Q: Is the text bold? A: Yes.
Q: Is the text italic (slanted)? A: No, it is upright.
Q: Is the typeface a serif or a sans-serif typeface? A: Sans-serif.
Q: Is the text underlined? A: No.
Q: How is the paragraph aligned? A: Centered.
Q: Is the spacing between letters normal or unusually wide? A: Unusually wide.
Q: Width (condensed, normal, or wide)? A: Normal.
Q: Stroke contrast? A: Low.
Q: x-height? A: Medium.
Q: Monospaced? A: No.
----------
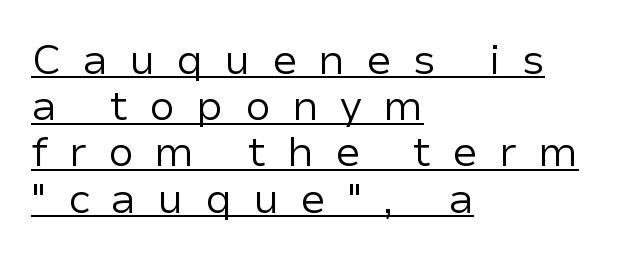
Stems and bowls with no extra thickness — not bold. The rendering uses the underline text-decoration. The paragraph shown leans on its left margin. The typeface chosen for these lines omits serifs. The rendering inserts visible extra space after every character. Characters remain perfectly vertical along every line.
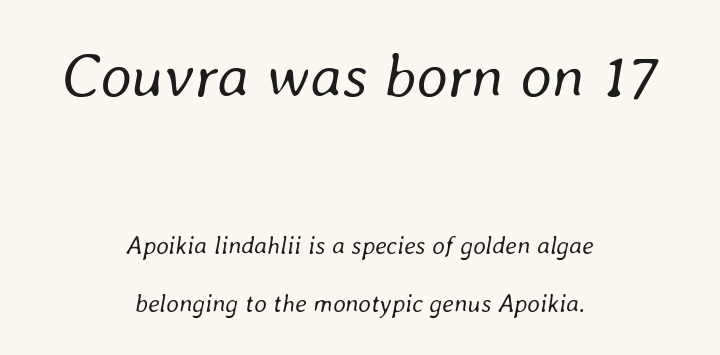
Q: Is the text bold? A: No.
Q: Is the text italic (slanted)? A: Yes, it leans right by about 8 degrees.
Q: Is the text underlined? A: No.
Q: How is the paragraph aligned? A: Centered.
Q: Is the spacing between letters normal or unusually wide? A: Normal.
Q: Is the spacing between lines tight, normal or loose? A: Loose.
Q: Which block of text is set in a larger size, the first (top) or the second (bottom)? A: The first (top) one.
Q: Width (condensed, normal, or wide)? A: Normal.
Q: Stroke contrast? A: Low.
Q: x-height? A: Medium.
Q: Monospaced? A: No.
----------
Scan the entries for lines holding the string "slanted", then copy every one of them.

- Problem solution:
Q: Is the text italic (slanted)? A: No, it is upright.
Q: Is the text italic (slanted)? A: Yes, it leans right by about 8 degrees.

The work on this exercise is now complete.